You are establishing redundant data centers. You are bringing in banks of blade servers. You are adding other high-density systems to harness the latest high-performance, high-reliability systems.
But, what you may not be doing (or even thinking of) is putting in the appropriate power and cooling systems to meet the demands of these more concentrated architectures.
Earle Weaver, president of Liebert Corp., a data center cooling vendor, advises that managing the high degree of change in IT systems and networks without compromising continuity requires an adaptive power and cooling infrastructure.
Most people have never bothered to figure out the amount of time their computer systems can operate without cooling, and many lack redundancy in their power distribution or back-up power systems.
Even though it’s Weaver’s job to sell cooling systems, Clive Longbottom, an analyst at UK-based Quocirca Ltd, agrees with his view. He believes the greater density of modern systems requires a change of approach in the data center and the server room.
“What we are looking at nowadays is a full set of high heat hotspots from even the lower end Intel systems which are packed closer and closer together in racks,” said Longbottom. “The old approach of just trying to keep the temperature in the room at a steady level, with specific cooling only for the high-value boxes, is no longer valid.”
CIO’s, therefore, need to pay far more attention in BCP (business continuity planning) planning to such factors as localization of cooling efforts. Instead of one large cooler for the whole room, additional AC units need to be deployed where they may be most needed. This factor is particularly important when data centers utilize blade servers and other high-density, rack-mounted server configurations.
When racks were first introducted they created massive heat problems, as designers tended to place power at the bottom, storage next and CPUs at the top.
Recent racks, though, are being better engineered. Each type or part of a rack can have its own cooling technology and design. But even then, they can still be a problem. A single rack of IBM p5-575 servers, for example consumes up to 41.6 kilowatts, or 5000 watts per square foot, far above the industry standard of 50-to-100 watts per square foot.
“Ensure that racks are well designed, mixing heat generators and cooling systems effectively,” said Longbottom. “Dell’s racks are some of the best designed around for heat dissipation.”
He recommends that server rooms be designed with the heat load dotted around as much as possible, with localized cooling provided for each set of hot spots. As well as being more effective, this also provides a higher degree of resilience: If one cooling system goes down, the heat from that area can still bleed through into other cooling areas, giving more time to troubleshoot.
To keep costs down, he suggests that commodity items are used wherever possible. Fans, for example, are an area where costs can be reduced without affecting cooling potential.
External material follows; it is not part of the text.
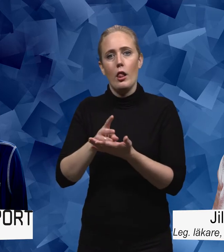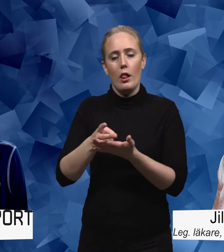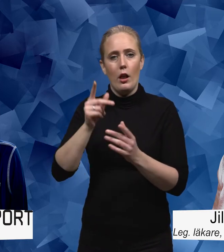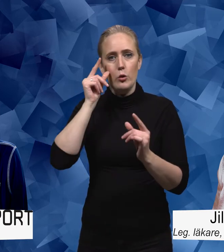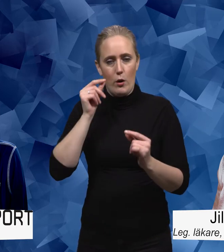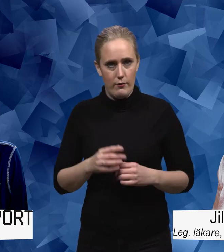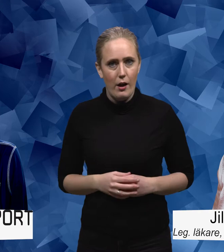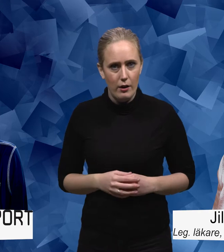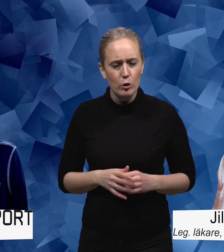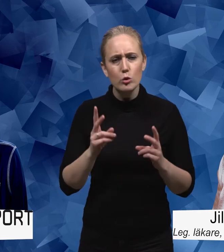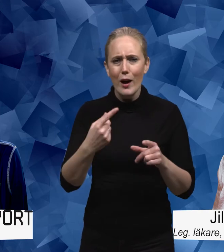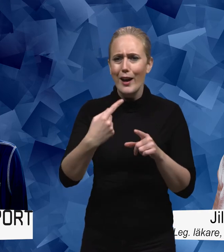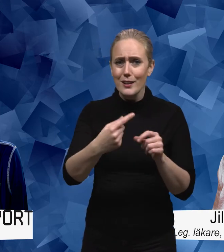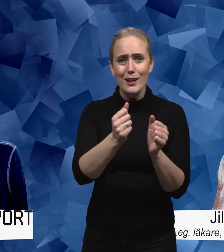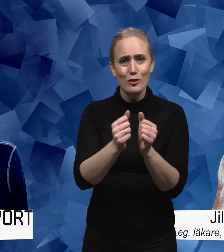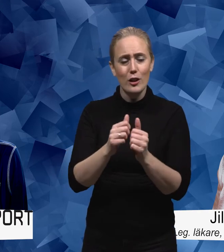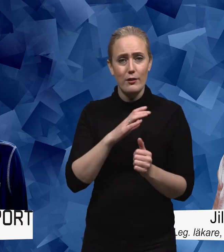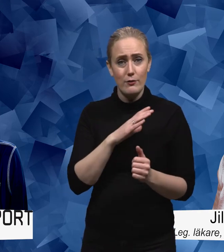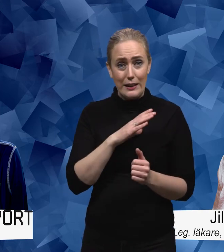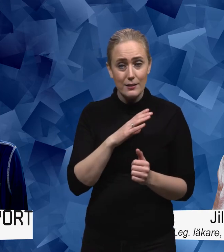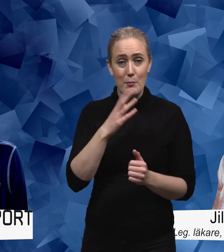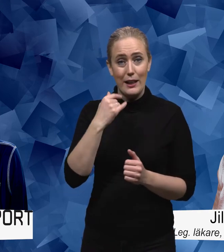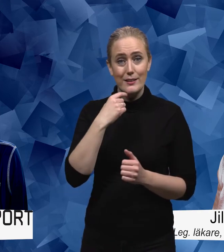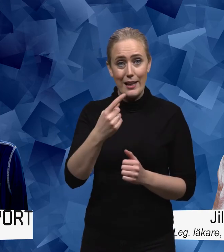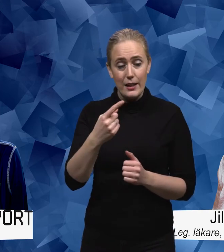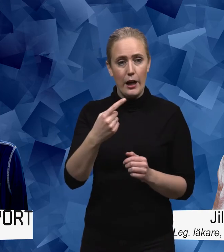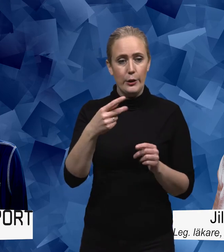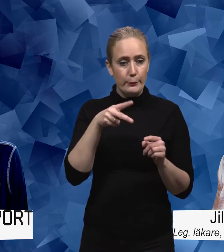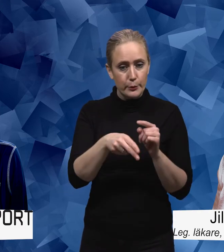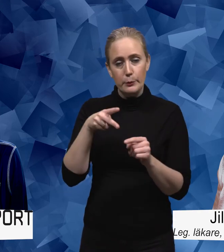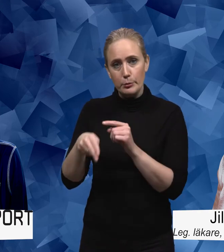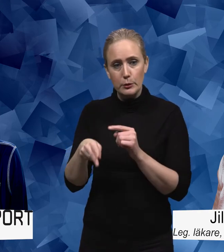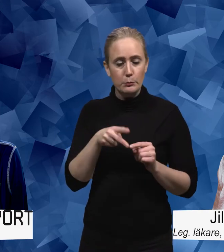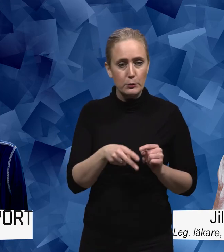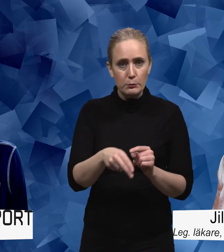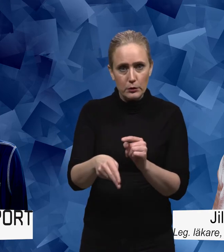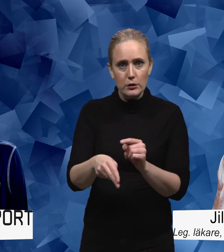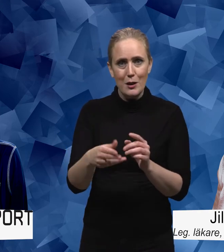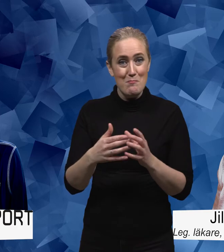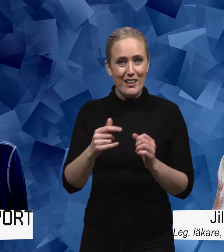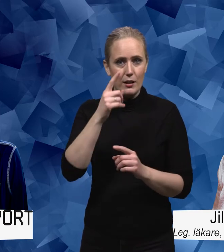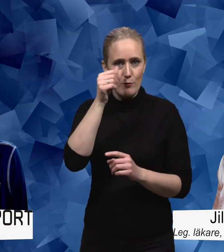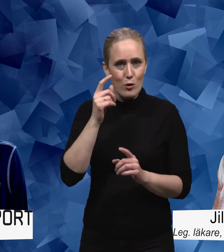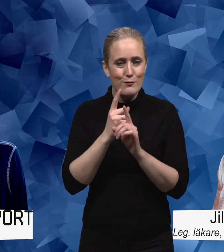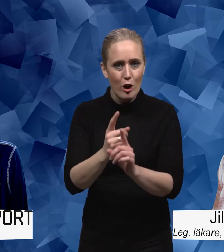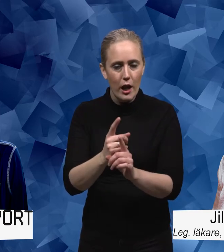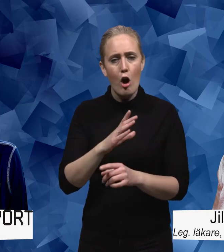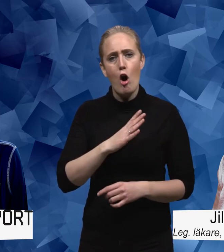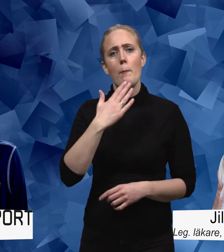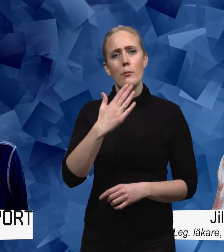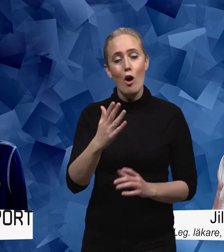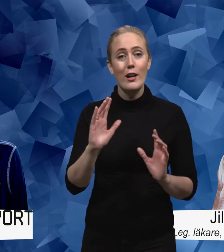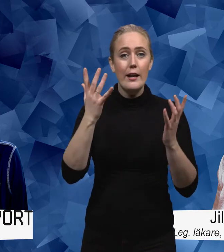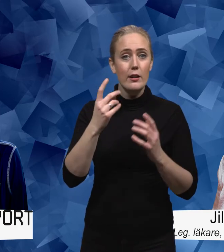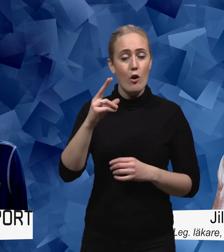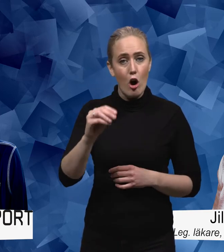Och då är det sådana enkla saker att säga men kanske inte att göra men att ge råd om att ha goda levnadsvanor att ha

“Good fan technologies are now relatively cheap, but don’t go for the cheapest possible as the fan life will be limited,” said Longbottom. “And these days it is okay to use ordinary air conditioning units instead of large, monolithic server room specials.”
It’s during a disaster, of course, that the value of power and cooling become especially noteworthy. Recent hurricane seasons, in particular, have taught many companies a nasty lesson in what can happen without high-quality backup power.
Coleman Technologies (CTI) of Orlando, Fla., a provider of networking and Internet services, is a good example. After experiencing disruptions to its IP communications network—network switches rebooting without warning and reboots in the IP phone system and company computers—the company did some sluething.
Initially, the company suspected a switch fault. Investigation revealed, though, that the cause was a faulty UPS—one of the units didn’t deliver any power in the event of a utility power loss. Further, it had a circuitry problem that could trigger a reboot. These failings resulted in two lost switches and two damaged servers before the problem was located.
“If someone was on a call and the switch rebooted, the person would lose the call, with a minute or two passing before the phone would become operational,” said Kirk Sawyer, CTI’s CFO. “We also could lose our connection to the e-mail and file server.”
As the company had been systemically updating its networking and server infrastructure, it realized that it was now time to do the same on the power side. It added new 6 kVA Liebert GXT2 UPS units that convert incoming power from AC to DC then back to AC to provide an isolated power source to the critical load. This supplies a stable 120-volt source to the connected load even during an extended brownout.
“Based on our experience, we are convinced that mission-critical networks require mission-critical online UPS technology,” said Sawyer.
He further notes that these units saved the CTI network during a season of heavy hurricanes last year. No interruptions took place during the entire period despite its headquarters losing power as many as 10 times.
The main lesson, then, is to include power and cooling into the equation as the infrastructure is built out. Particularly when it comes to BCP, companies either fail to pay enough attention to these factors, or cut corners on them in order to reduce what can be a hefty price tag when it comes time to build a secondary site.
“While IT systems themselves have been effectively integrated into business continuity plans,” said Longbottom, “in some cases, critical infrastructure systems (power and cooling) have not, and that can leave an organization vulnerable to disruption.”